The following article was originally published in The Daily Times.

The police in Pakistan are set up to ensure order and impose the dictates of power and is not for ensuring enforcement of the law and for providing help to the masses

Countless politicians, lawyers, businessmen, journalists, students, trade unionists, clerks, teachers, writers, and many other citizens of this country have been tortured by the police. Some have had this honor inflicted on them on the streets, others have had it done to them in police stations and others have been tortured in safe houses and other unofficial locations. In some cases, the culprits have been from intelligence agencies and not the police, but the methods and objectives have been similar.
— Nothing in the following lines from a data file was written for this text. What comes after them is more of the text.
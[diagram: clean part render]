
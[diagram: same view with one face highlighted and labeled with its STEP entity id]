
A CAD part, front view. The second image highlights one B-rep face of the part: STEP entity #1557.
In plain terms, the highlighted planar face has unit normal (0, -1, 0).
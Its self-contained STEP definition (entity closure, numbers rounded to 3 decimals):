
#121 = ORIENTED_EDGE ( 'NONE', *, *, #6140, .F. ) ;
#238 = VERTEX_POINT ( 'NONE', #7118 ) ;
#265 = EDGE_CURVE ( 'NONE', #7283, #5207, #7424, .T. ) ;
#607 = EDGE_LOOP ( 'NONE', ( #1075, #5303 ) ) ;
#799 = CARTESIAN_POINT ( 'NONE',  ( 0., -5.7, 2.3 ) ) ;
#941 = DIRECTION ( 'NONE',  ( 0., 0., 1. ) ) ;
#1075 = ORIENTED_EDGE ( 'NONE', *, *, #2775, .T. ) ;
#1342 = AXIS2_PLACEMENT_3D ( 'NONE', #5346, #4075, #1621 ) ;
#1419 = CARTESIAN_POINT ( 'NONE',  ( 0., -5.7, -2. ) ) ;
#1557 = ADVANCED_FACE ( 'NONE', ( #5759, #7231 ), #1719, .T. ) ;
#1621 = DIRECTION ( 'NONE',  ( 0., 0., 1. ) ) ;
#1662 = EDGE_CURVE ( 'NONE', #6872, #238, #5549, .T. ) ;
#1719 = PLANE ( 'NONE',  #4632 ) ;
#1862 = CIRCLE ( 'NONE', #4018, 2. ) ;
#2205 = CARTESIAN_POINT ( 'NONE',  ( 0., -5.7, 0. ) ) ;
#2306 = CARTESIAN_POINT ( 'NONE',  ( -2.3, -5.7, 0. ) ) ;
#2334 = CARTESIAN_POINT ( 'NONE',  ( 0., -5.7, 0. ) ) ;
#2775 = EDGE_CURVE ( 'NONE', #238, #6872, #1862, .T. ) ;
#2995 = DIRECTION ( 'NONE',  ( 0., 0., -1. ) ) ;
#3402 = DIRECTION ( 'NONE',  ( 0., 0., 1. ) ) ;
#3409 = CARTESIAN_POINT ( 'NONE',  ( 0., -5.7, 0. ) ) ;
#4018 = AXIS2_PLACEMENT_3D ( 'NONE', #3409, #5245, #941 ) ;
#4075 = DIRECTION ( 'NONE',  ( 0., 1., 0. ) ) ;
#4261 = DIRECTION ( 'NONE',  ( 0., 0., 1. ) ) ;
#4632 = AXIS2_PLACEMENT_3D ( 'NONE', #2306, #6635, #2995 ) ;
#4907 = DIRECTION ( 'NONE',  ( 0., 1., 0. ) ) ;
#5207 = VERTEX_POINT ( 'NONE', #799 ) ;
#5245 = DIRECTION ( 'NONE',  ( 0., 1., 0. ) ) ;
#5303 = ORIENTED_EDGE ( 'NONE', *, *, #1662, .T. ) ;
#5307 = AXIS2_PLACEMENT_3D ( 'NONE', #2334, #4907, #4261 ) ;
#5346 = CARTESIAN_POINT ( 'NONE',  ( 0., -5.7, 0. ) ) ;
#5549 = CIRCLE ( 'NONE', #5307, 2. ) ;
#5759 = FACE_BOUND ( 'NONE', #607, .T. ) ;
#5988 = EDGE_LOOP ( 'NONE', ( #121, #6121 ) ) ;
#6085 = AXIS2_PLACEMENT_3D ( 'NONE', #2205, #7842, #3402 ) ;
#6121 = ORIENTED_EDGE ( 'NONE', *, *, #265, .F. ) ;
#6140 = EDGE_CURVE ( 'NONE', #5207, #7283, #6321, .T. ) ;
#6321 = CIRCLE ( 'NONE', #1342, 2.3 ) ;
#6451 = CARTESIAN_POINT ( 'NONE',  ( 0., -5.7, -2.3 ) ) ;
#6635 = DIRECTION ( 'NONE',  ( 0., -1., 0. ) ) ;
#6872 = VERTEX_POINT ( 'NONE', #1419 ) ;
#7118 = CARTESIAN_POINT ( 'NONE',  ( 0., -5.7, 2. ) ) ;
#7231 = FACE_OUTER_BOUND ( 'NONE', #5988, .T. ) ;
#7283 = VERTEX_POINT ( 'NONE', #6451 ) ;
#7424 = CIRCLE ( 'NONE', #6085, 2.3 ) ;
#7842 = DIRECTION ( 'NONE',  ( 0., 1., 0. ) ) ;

A lawyer friend, who deals with a lot of human rights abuse cases, was recently detailing to me some of the common methods used. Keeping people awake, keeping them standing or sitting in positions that become uncomfortable, using "rollers" on the body, tying people to chairs and beating them in places like underneath the feet where it is harder to leave marks of torture, hanging people from their arms to dislocate shoulders, hanging them upside down and spanking them with special leather lashes; these are the usual methods. Shaving off hair from the head or face is a means of humiliating someone. Removing clothes is another way. And then there are many more that are a lot more gruesome and harmful, and some of them clearly fall under sexual abuse.

Police and intelligence agencies do not always carry out these acts in official buildings. Many unmarked buildings and houses are also used for the purpose. The Islamabad security establishment is known to have many such places, and some in nice neighborhoods too. The same is true for other jurisdictions.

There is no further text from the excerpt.